I've mentioned that for the calculation of energy losses, changing the mass density doesn't have an effect. This is only a valid approximation for linear effects, but doesn't work for non-linear effects, for example calculation of the LPM effect. To take these effects into account, this density correction needs to be explicitly passed to the parametrizations. You can do this by passing a density_correction argument, defining the correction factor to the standard density of the defined medium, to the parametrizations which consider the LPM effect.
See this adapted script:
import proposal as pp
densities = [1, 5, 100] # [gcm^-3]
for i in densities:
mu = pp.particle.MuMinusDef()
rock = pp.medium.StandardRock()
args = {
"particle_def": mu,
"target": rock,
"interpolate": True,
"cuts": pp.EnergyCutSettings(500, 0.05, True)
}
cross_sections = pp.crosssection.make_std_crosssection(**args)
density_correction = i / rock.mass_density # non-linear density corrections
brems_param = pp.parametrization.bremsstrahlung.KelnerKokoulinPetrukhin(lpm=True, particle_def=mu, medium=rock, density_correction=density_correction)
epair_param = pp.parametrization.pairproduction.KelnerKokoulinPetrukhin(lpm=True, particle_def=mu, medium=rock, density_correction=density_correction)
ionis_param = pp.parametrization.ionization.BetheBlochRossi(energy_cuts=args["cuts"])
shado_param = pp.parametrization.photonuclear.ShadowButkevichMikheyev()
photo_param = pp.parametrization.photonuclear.AbramowiczLevinLevyMaor97(shadow_effect=shado_param)
cross_sections[0] = pp.crosssection.make_crosssection(brems_param, **args)
cross_sections[1] = pp.crosssection.make_crosssection(epair_param, **args)
cross_sections[2] = pp.crosssection.make_crosssection(ionis_param, **args)
cross_sections[3] = pp.crosssection.make_crosssection(photo_param, **args)
collection = pp.PropagationUtilityCollection()
collection.interaction = pp.make_interaction(cross_sections, True)
collection.displacement = pp.make_displacement(cross_sections, True)
collection.time = pp.make_time(cross_sections, mu, True)
collection.decay = pp.make_decay(cross_sections, mu, True)

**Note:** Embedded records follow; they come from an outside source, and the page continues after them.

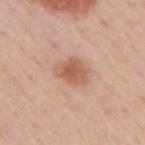Imaged during a routine full-body skin examination; the lesion was not biopsied and no histopathology is available. The lesion is located on the right upper arm. Automated tile analysis of the lesion measured an outline eccentricity of about 0.7 (0 = round, 1 = elongated) and a symmetry-axis asymmetry near 0.25. And it measured a mean CIELAB color near L≈59 a*≈23 b*≈32, about 11 CIELAB-L* units darker than the surrounding skin, and a normalized lesion–skin contrast near 7.5. The analysis additionally found a border-irregularity index near 2.5/10, internal color variation of about 3 on a 0–10 scale, and radial color variation of about 1. It also reported a classifier nevus-likeness of about 85/100. Cropped from a whole-body photographic skin survey; the tile spans about 15 mm. A male patient aged around 60. Longest diameter approximately 4 mm.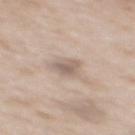Part of a total-body skin-imaging series; this lesion was reviewed on a skin check and was not flagged for biopsy. A male subject, aged 63–67. A roughly 15 mm field-of-view crop from a total-body skin photograph. The lesion's longest dimension is about 2.5 mm. On the mid back. Captured under white-light illumination.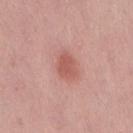Findings:
– lesion size · ≈3 mm
– image source · 15 mm crop, total-body photography
– image-analysis metrics · an area of roughly 6 mm² and a shape-asymmetry score of about 0.2 (0 = symmetric); an average lesion color of about L≈56 a*≈27 b*≈26 (CIELAB) and about 9 CIELAB-L* units darker than the surrounding skin; a within-lesion color-variation index near 1.5/10 and peripheral color asymmetry of about 0.5; a nevus-likeness score of about 95/100 and a detector confidence of about 100 out of 100 that the crop contains a lesion
– site · the right thigh
– illumination · white-light
– subject · female, approximately 45 years of age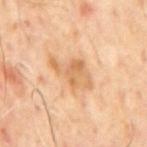biopsy status: total-body-photography surveillance lesion; no biopsy | subject: male, aged 63–67 | body site: the mid back | image-analysis metrics: a lesion area of about 9.5 mm² and an outline eccentricity of about 0.85 (0 = round, 1 = elongated); an average lesion color of about L≈65 a*≈20 b*≈39 (CIELAB) and a normalized lesion–skin contrast near 6.5; an automated nevus-likeness rating near 0 out of 100 and lesion-presence confidence of about 100/100 | lesion size: ~5.5 mm (longest diameter) | image: ~15 mm tile from a whole-body skin photo.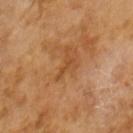<record>
<biopsy_status>not biopsied; imaged during a skin examination</biopsy_status>
<automated_metrics>
  <cielab_L>46</cielab_L>
  <cielab_a>23</cielab_a>
  <cielab_b>39</cielab_b>
  <vs_skin_contrast_norm>5.5</vs_skin_contrast_norm>
  <color_variation_0_10>0.0</color_variation_0_10>
  <peripheral_color_asymmetry>0.0</peripheral_color_asymmetry>
</automated_metrics>
<lighting>cross-polarized</lighting>
<image>
  <source>total-body photography crop</source>
  <field_of_view_mm>15</field_of_view_mm>
</image>
<lesion_size>
  <long_diameter_mm_approx>3.0</long_diameter_mm_approx>
</lesion_size>
<patient>
  <sex>male</sex>
  <age_approx>65</age_approx>
</patient>
</record>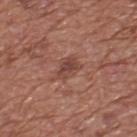acquisition: ~15 mm crop, total-body skin-cancer survey | size: ≈3 mm | illumination: white-light | image-analysis metrics: an average lesion color of about L≈43 a*≈23 b*≈25 (CIELAB), a lesion–skin lightness drop of about 9, and a lesion-to-skin contrast of about 7 (normalized; higher = more distinct); a within-lesion color-variation index near 2.5/10 and a peripheral color-asymmetry measure near 1; an automated nevus-likeness rating near 40 out of 100 and a lesion-detection confidence of about 100/100 | anatomic site: the upper back | patient: male, aged 73 to 77.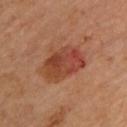The lesion was photographed on a routine skin check and not biopsied; there is no pathology result.
A female patient approximately 70 years of age.
Located on the upper back.
A 15 mm close-up extracted from a 3D total-body photography capture.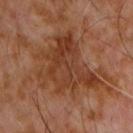Impression:
No biopsy was performed on this lesion — it was imaged during a full skin examination and was not determined to be concerning.
Context:
This is a cross-polarized tile. The patient is a male aged around 60. A roughly 15 mm field-of-view crop from a total-body skin photograph. The recorded lesion diameter is about 8 mm. The lesion is on the front of the torso.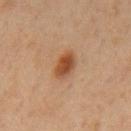Notes:
* notes — imaged on a skin check; not biopsied
* lighting — cross-polarized illumination
* acquisition — 15 mm crop, total-body photography
* size — ~3.5 mm (longest diameter)
* subject — male, approximately 60 years of age
* anatomic site — the mid back
* image-analysis metrics — an area of roughly 6 mm²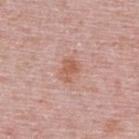No biopsy was performed on this lesion — it was imaged during a full skin examination and was not determined to be concerning.
A male patient, about 50 years old.
A 15 mm close-up tile from a total-body photography series done for melanoma screening.
Captured under white-light illumination.
On the upper back.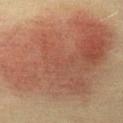Impression: Captured during whole-body skin photography for melanoma surveillance; the lesion was not biopsied. Context: This is a cross-polarized tile. A region of skin cropped from a whole-body photographic capture, roughly 15 mm wide. Located on the abdomen. The lesion's longest dimension is about 15.5 mm. A female subject, in their mid-50s.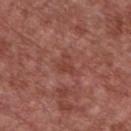{"biopsy_status": "not biopsied; imaged during a skin examination", "image": {"source": "total-body photography crop", "field_of_view_mm": 15}, "automated_metrics": {"area_mm2_approx": 3.0, "eccentricity": 0.6, "border_irregularity_0_10": 6.5, "color_variation_0_10": 0.5, "peripheral_color_asymmetry": 0.5, "nevus_likeness_0_100": 0}, "lighting": "white-light", "site": "front of the torso", "patient": {"sex": "male", "age_approx": 65}}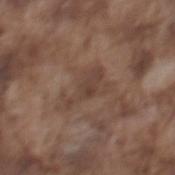| feature | finding |
|---|---|
| follow-up | no biopsy performed (imaged during a skin exam) |
| size | about 4.5 mm |
| subject | male, aged 73 to 77 |
| acquisition | 15 mm crop, total-body photography |
| body site | the mid back |
| tile lighting | white-light illumination |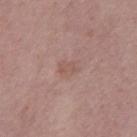Case summary:
• workup — total-body-photography surveillance lesion; no biopsy
• image — 15 mm crop, total-body photography
• patient — male, aged around 65
• size — about 2.5 mm
• lighting — white-light illumination
• anatomic site — the chest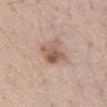{"biopsy_status": "not biopsied; imaged during a skin examination", "site": "lower back", "lesion_size": {"long_diameter_mm_approx": 3.5}, "image": {"source": "total-body photography crop", "field_of_view_mm": 15}, "lighting": "white-light", "patient": {"sex": "male", "age_approx": 30}}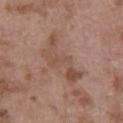Q: Was this lesion biopsied?
A: total-body-photography surveillance lesion; no biopsy
Q: How was this image acquired?
A: 15 mm crop, total-body photography
Q: What is the lesion's diameter?
A: ≈7 mm
Q: Who is the patient?
A: male, aged 53 to 57
Q: Where on the body is the lesion?
A: the lower back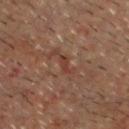Impression: Recorded during total-body skin imaging; not selected for excision or biopsy. Context: On the head or neck. Cropped from a total-body skin-imaging series; the visible field is about 15 mm. A male subject, roughly 60 years of age.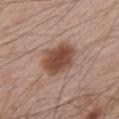<lesion>
<biopsy_status>not biopsied; imaged during a skin examination</biopsy_status>
<image>
  <source>total-body photography crop</source>
  <field_of_view_mm>15</field_of_view_mm>
</image>
<patient>
  <sex>male</sex>
  <age_approx>65</age_approx>
</patient>
<lighting>white-light</lighting>
<automated_metrics>
  <area_mm2_approx>14.0</area_mm2_approx>
  <eccentricity>0.65</eccentricity>
  <shape_asymmetry>0.15</shape_asymmetry>
  <vs_skin_darker_L>14.0</vs_skin_darker_L>
  <vs_skin_contrast_norm>10.0</vs_skin_contrast_norm>
</automated_metrics>
<site>chest</site>
</lesion>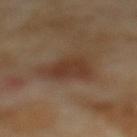Q: Is there a histopathology result?
A: total-body-photography surveillance lesion; no biopsy
Q: Who is the patient?
A: female, about 55 years old
Q: What kind of image is this?
A: total-body-photography crop, ~15 mm field of view
Q: Lesion location?
A: the mid back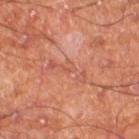Impression: No biopsy was performed on this lesion — it was imaged during a full skin examination and was not determined to be concerning. Acquisition and patient details: Captured under cross-polarized illumination. A male subject, about 60 years old. Cropped from a whole-body photographic skin survey; the tile spans about 15 mm. On the right thigh. Approximately 1.5 mm at its widest.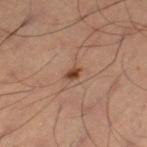Recorded during total-body skin imaging; not selected for excision or biopsy. On the leg. Cropped from a total-body skin-imaging series; the visible field is about 15 mm. The lesion-visualizer software estimated a footprint of about 2.5 mm² and a symmetry-axis asymmetry near 0.3. The analysis additionally found a border-irregularity index near 2.5/10, a color-variation rating of about 1.5/10, and a peripheral color-asymmetry measure near 0. And it measured a nevus-likeness score of about 90/100 and a lesion-detection confidence of about 100/100. This is a cross-polarized tile. A male subject, roughly 50 years of age. The lesion's longest dimension is about 2 mm.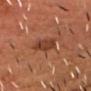  biopsy_status: not biopsied; imaged during a skin examination
  patient:
    sex: male
    age_approx: 55
  site: head or neck
  lighting: cross-polarized
  image:
    source: total-body photography crop
    field_of_view_mm: 15
  lesion_size:
    long_diameter_mm_approx: 2.5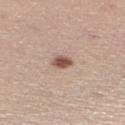| key | value |
|---|---|
| follow-up | total-body-photography surveillance lesion; no biopsy |
| image source | total-body-photography crop, ~15 mm field of view |
| subject | female, aged 58–62 |
| location | the right lower leg |
| tile lighting | white-light illumination |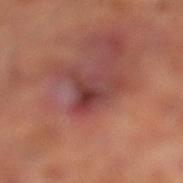No biopsy was performed on this lesion — it was imaged during a full skin examination and was not determined to be concerning.
A male patient, aged 63 to 67.
Cropped from a whole-body photographic skin survey; the tile spans about 15 mm.
Located on the leg.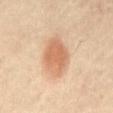The lesion was tiled from a total-body skin photograph and was not biopsied. The lesion is on the abdomen. Measured at roughly 4.5 mm in maximum diameter. A male patient, aged 63–67. A 15 mm crop from a total-body photograph taken for skin-cancer surveillance. Imaged with cross-polarized lighting.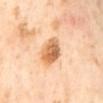The lesion was tiled from a total-body skin photograph and was not biopsied. About 4.5 mm across. The lesion-visualizer software estimated a border-irregularity rating of about 2.5/10, internal color variation of about 6 on a 0–10 scale, and peripheral color asymmetry of about 2. The analysis additionally found a nevus-likeness score of about 65/100 and a lesion-detection confidence of about 100/100. A female patient aged 53–57. Cropped from a whole-body photographic skin survey; the tile spans about 15 mm. From the mid back.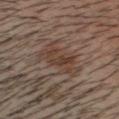Assessment:
No biopsy was performed on this lesion — it was imaged during a full skin examination and was not determined to be concerning.
Context:
A male patient, aged 38 to 42. A 15 mm crop from a total-body photograph taken for skin-cancer surveillance. From the head or neck.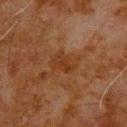Impression: Captured during whole-body skin photography for melanoma surveillance; the lesion was not biopsied. Image and clinical context: Captured under cross-polarized illumination. A 15 mm crop from a total-body photograph taken for skin-cancer surveillance. From the upper back. The total-body-photography lesion software estimated a lesion-detection confidence of about 100/100. A male subject, aged 78 to 82. About 3 mm across.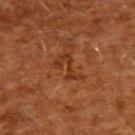Part of a total-body skin-imaging series; this lesion was reviewed on a skin check and was not flagged for biopsy. A 15 mm close-up tile from a total-body photography series done for melanoma screening. The lesion's longest dimension is about 3.5 mm. The tile uses cross-polarized illumination. On the upper back. The patient is a male about 60 years old.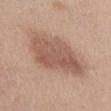Notes:
– image — total-body-photography crop, ~15 mm field of view
– location — the front of the torso
– patient — female, aged 38 to 42
– automated lesion analysis — a border-irregularity index near 3/10; an automated nevus-likeness rating near 35 out of 100 and a detector confidence of about 100 out of 100 that the crop contains a lesion
– diameter — ≈7 mm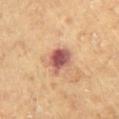Clinical impression:
Captured during whole-body skin photography for melanoma surveillance; the lesion was not biopsied.
Clinical summary:
This is a cross-polarized tile. Cropped from a total-body skin-imaging series; the visible field is about 15 mm. On the right arm. A female subject, roughly 80 years of age.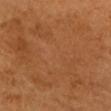workup — imaged on a skin check; not biopsied
size — ~15.5 mm (longest diameter)
illumination — cross-polarized illumination
image source — 15 mm crop, total-body photography
anatomic site — the head or neck
TBP lesion metrics — an eccentricity of roughly 0.6 and two-axis asymmetry of about 0.3; an average lesion color of about L≈49 a*≈23 b*≈38 (CIELAB), roughly 4 lightness units darker than nearby skin, and a normalized border contrast of about 3; a border-irregularity rating of about 7.5/10 and a peripheral color-asymmetry measure near 1.5
patient — female, in their 60s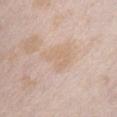| field | value |
|---|---|
| lighting | white-light illumination |
| anatomic site | the chest |
| size | ≈4 mm |
| imaging modality | ~15 mm crop, total-body skin-cancer survey |
| subject | female, aged approximately 25 |
| automated metrics | a lesion area of about 7.5 mm², an outline eccentricity of about 0.6 (0 = round, 1 = elongated), and a symmetry-axis asymmetry near 0.5; a mean CIELAB color near L≈67 a*≈15 b*≈30, a lesion–skin lightness drop of about 5, and a normalized lesion–skin contrast near 4.5; a nevus-likeness score of about 0/100 and a lesion-detection confidence of about 100/100 |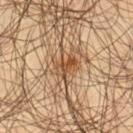* biopsy status · no biopsy performed (imaged during a skin exam)
* illumination · cross-polarized
* acquisition · ~15 mm crop, total-body skin-cancer survey
* lesion size · about 3 mm
* anatomic site · the left thigh
* subject · male, aged 43 to 47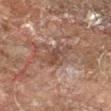follow-up — total-body-photography surveillance lesion; no biopsy | illumination — cross-polarized illumination | TBP lesion metrics — an eccentricity of roughly 0.85; a mean CIELAB color near L≈33 a*≈14 b*≈20 and about 6 CIELAB-L* units darker than the surrounding skin; border irregularity of about 5 on a 0–10 scale; a classifier nevus-likeness of about 0/100 and a lesion-detection confidence of about 70/100 | subject — male, in their 60s | location — the left forearm | imaging modality — ~15 mm crop, total-body skin-cancer survey.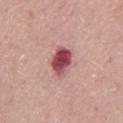Recorded during total-body skin imaging; not selected for excision or biopsy. A male subject, approximately 70 years of age. The lesion is located on the abdomen. A 15 mm close-up extracted from a 3D total-body photography capture.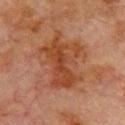{"biopsy_status": "not biopsied; imaged during a skin examination", "lighting": "cross-polarized", "image": {"source": "total-body photography crop", "field_of_view_mm": 15}, "patient": {"sex": "male", "age_approx": 80}, "lesion_size": {"long_diameter_mm_approx": 7.5}, "automated_metrics": {"cielab_L": 34, "cielab_a": 21, "cielab_b": 29, "vs_skin_darker_L": 7.0, "vs_skin_contrast_norm": 8.0, "nevus_likeness_0_100": 0}, "site": "chest"}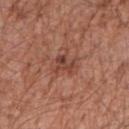Findings:
* biopsy status · imaged on a skin check; not biopsied
* illumination · white-light
* patient · male, in their mid-50s
* size · ≈2.5 mm
* automated metrics · a lesion color around L≈43 a*≈24 b*≈27 in CIELAB, about 9 CIELAB-L* units darker than the surrounding skin, and a normalized border contrast of about 7; an automated nevus-likeness rating near 5 out of 100 and a detector confidence of about 100 out of 100 that the crop contains a lesion
* image · ~15 mm crop, total-body skin-cancer survey
* location · the right forearm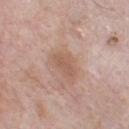This lesion was catalogued during total-body skin photography and was not selected for biopsy. The lesion is on the front of the torso. The patient is a male aged 68 to 72. Captured under white-light illumination. About 3.5 mm across. The total-body-photography lesion software estimated an area of roughly 5 mm² and an outline eccentricity of about 0.85 (0 = round, 1 = elongated). The analysis additionally found a lesion color around L≈57 a*≈19 b*≈29 in CIELAB, roughly 7 lightness units darker than nearby skin, and a normalized border contrast of about 5.5. And it measured border irregularity of about 2.5 on a 0–10 scale, internal color variation of about 1.5 on a 0–10 scale, and peripheral color asymmetry of about 0.5. The analysis additionally found a nevus-likeness score of about 0/100 and a lesion-detection confidence of about 100/100. Cropped from a whole-body photographic skin survey; the tile spans about 15 mm.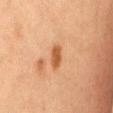The lesion was tiled from a total-body skin photograph and was not biopsied.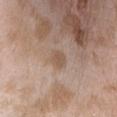The lesion is on the head or neck. A 15 mm crop from a total-body photograph taken for skin-cancer surveillance. The patient is a female aged 23 to 27.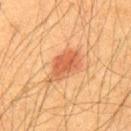follow-up: no biopsy performed (imaged during a skin exam); patient: male, about 35 years old; tile lighting: cross-polarized; lesion size: ≈5.5 mm; anatomic site: the upper back; image: ~15 mm crop, total-body skin-cancer survey.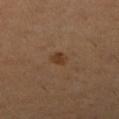Notes:
- follow-up · catalogued during a skin exam; not biopsied
- image · ~15 mm crop, total-body skin-cancer survey
- subject · female, aged 28–32
- body site · the right lower leg

pp.PropagationUtilityCollection.cont_rand = False
utility = pp.PropagationUtility(collection = collection)
detector = pp.geometry.Sphere(position = pp.Cartesian3D(0, 0, 0), radius = 10000000, inner_radius = 0)
# Change the density
density_distr = pp.density_distribution.density_homogeneous(mass_density=i)
# Create the propagator
propagator = pp.Propagator(mu, [(detector, utility, density_distr)])
init_state = pp.particle.ParticleState()
init_state.position = pp.Cartesian3D(0, 0, 0)
init_state.direction = pp.Cartesian3D(0, 0, -1)
init_state.energy = 1e5 + mu.mass
# Propagate the muons
pp.RandomGenerator.get().set_seed(500)
# Propagate 3 km = 3e5 cm
track = propagator.propagate(init_state, 3e5)
# Print the secondaries' energies
print(track.track_energies())
The corresponding output looks like this:
[100105.6583745, 94190.74779420358, 89409.65072571643, 81521.10325981908, 80895.5870354933, 61667.89418854576, 58036.09549228725, 17980.99964755952, 17439.232851920482, 105.6583745, 105.6583745]
[100105.6583745, 94190.74779109083, 89409.65045834142, 81521.10296014052, 80895.58674834007, 61667.89371871539, 58036.09530609559, 17980.999125967555, 17439.23233082569, 105.6583745, 105.6583745]
[100105.6583745, 94190.74785993651, 89409.65518622864, 81521.10791857465, 80895.59170423132, 61667.89928473408, 58036.10043307323, 17981.005846754393, 17439.239049203396, 105.6583745, 105.6583745]
Note that the differences are very small, since the non-linear corrections are negligible at the involved energies.